Many other wild stories are listed on sites like urbanlegends.com. One of the site's links is to the entomology department at the University of California at Riverside, which has dissected the hoax about the arachnius gluteus, the toilet-seat spider reputed to bite people in the - well, the species name pretty much tells the tale. Symptoms of a bite, according to one report on the Internet, include fever, chills, paralysis and (that most serious symptom of all) death, as several women at a Chicago airport restaurant were said to have discovered.

If there is any solace to be taken from the report, it is that the breed of spider cited is as phony as the location of the incidents ("Blare Airport") and the publication cited as a source ("The Journal of the United Medical Association").

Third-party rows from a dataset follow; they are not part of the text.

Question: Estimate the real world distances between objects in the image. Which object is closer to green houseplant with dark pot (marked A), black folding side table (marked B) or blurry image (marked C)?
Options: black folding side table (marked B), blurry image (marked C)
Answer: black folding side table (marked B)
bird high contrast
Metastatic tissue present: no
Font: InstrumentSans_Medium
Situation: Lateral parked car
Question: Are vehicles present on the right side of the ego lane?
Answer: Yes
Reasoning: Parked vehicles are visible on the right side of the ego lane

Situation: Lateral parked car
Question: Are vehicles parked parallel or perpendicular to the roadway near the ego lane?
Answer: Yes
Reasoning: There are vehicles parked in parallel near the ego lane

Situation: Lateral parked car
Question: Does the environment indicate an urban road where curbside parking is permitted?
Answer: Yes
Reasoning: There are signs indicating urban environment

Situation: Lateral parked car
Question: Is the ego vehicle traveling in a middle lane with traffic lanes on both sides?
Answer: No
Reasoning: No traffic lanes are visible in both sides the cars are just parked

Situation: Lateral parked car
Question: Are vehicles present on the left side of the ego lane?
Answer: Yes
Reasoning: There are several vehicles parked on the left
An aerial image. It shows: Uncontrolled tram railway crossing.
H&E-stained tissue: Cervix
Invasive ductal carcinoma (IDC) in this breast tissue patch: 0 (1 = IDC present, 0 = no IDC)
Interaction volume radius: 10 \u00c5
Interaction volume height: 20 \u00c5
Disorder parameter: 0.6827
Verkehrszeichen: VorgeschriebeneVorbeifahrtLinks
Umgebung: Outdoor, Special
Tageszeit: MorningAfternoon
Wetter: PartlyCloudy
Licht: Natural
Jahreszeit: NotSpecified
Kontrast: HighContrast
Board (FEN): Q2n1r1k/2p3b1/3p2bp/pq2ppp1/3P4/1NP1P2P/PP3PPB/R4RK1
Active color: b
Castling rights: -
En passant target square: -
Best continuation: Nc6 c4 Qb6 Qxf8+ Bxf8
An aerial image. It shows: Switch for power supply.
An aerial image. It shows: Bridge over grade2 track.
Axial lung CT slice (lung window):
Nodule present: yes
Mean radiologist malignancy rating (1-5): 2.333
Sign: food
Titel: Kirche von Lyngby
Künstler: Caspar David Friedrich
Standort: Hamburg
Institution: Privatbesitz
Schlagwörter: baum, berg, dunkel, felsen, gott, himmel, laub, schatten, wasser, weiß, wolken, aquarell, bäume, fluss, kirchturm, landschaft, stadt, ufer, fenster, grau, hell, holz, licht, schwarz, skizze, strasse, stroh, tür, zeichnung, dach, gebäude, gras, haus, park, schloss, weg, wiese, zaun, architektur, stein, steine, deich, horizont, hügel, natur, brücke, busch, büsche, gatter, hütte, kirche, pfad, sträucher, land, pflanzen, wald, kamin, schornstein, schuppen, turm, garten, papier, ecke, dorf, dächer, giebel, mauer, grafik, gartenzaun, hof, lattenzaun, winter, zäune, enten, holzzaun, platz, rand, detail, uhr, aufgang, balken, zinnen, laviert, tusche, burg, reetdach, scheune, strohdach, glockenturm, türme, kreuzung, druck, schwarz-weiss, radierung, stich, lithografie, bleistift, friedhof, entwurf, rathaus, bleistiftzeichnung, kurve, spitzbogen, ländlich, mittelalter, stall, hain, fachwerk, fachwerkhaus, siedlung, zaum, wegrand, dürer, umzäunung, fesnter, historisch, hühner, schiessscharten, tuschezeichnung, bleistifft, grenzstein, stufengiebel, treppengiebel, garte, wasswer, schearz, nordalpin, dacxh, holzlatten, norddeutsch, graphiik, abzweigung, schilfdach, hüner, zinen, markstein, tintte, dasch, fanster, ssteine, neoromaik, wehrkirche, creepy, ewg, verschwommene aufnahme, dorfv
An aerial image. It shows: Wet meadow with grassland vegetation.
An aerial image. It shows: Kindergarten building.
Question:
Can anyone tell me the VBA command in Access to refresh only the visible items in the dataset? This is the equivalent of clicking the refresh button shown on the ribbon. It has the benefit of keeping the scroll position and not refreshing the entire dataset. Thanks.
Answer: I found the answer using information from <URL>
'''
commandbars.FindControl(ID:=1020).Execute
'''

Urbanlegends.com also includes stories about asbestos in crayons and rattlesnakes in the play areas of fast-food restaurants. Many of the rumors are unbelievable, and David Emery, who runs urbanlegends.com, offered a simple explanation for why they still spread so quickly.

"We just like to scare each other," Mr. Emery said. "This kind of thing has been going on forever."

Dr. Jennifer Taylor, a clinical psychologist at McLean Hospital, a Harvard affiliate, agreed. "It's a lot like ghost stories - we've got to have something to be afraid of," she said. "If it's completely ridiculous, then people feel more comfortable."

But it can be more complicated than that. While rumors and hoaxes are hardly new, the Internet allows them to spread with startling speed and reach. Moreover, Mr. Emery said, the fact that they exist in writing, instead of being whispered at the water cooler or next to a campfire, often gives them undeserved credibility.

"There's something about the written word that makes almost anything more convincing," he said.

This is especially true for rumors that contain a grain of truth or play into people's distrust of corporations or the government.

"Most of the e-mail rumors that eventually reach us are from people who genuinely believe that the information is correct," Dr. Gansler said.

Dr. Taylor suggested that the persistence of the rumors reflected many Americans' lack of trust and a lack of sophistication when it came to matters of fast-changing fields of medicine.

"I think that people don't know how to evaluate what is possible from what's totally outlandish," she said.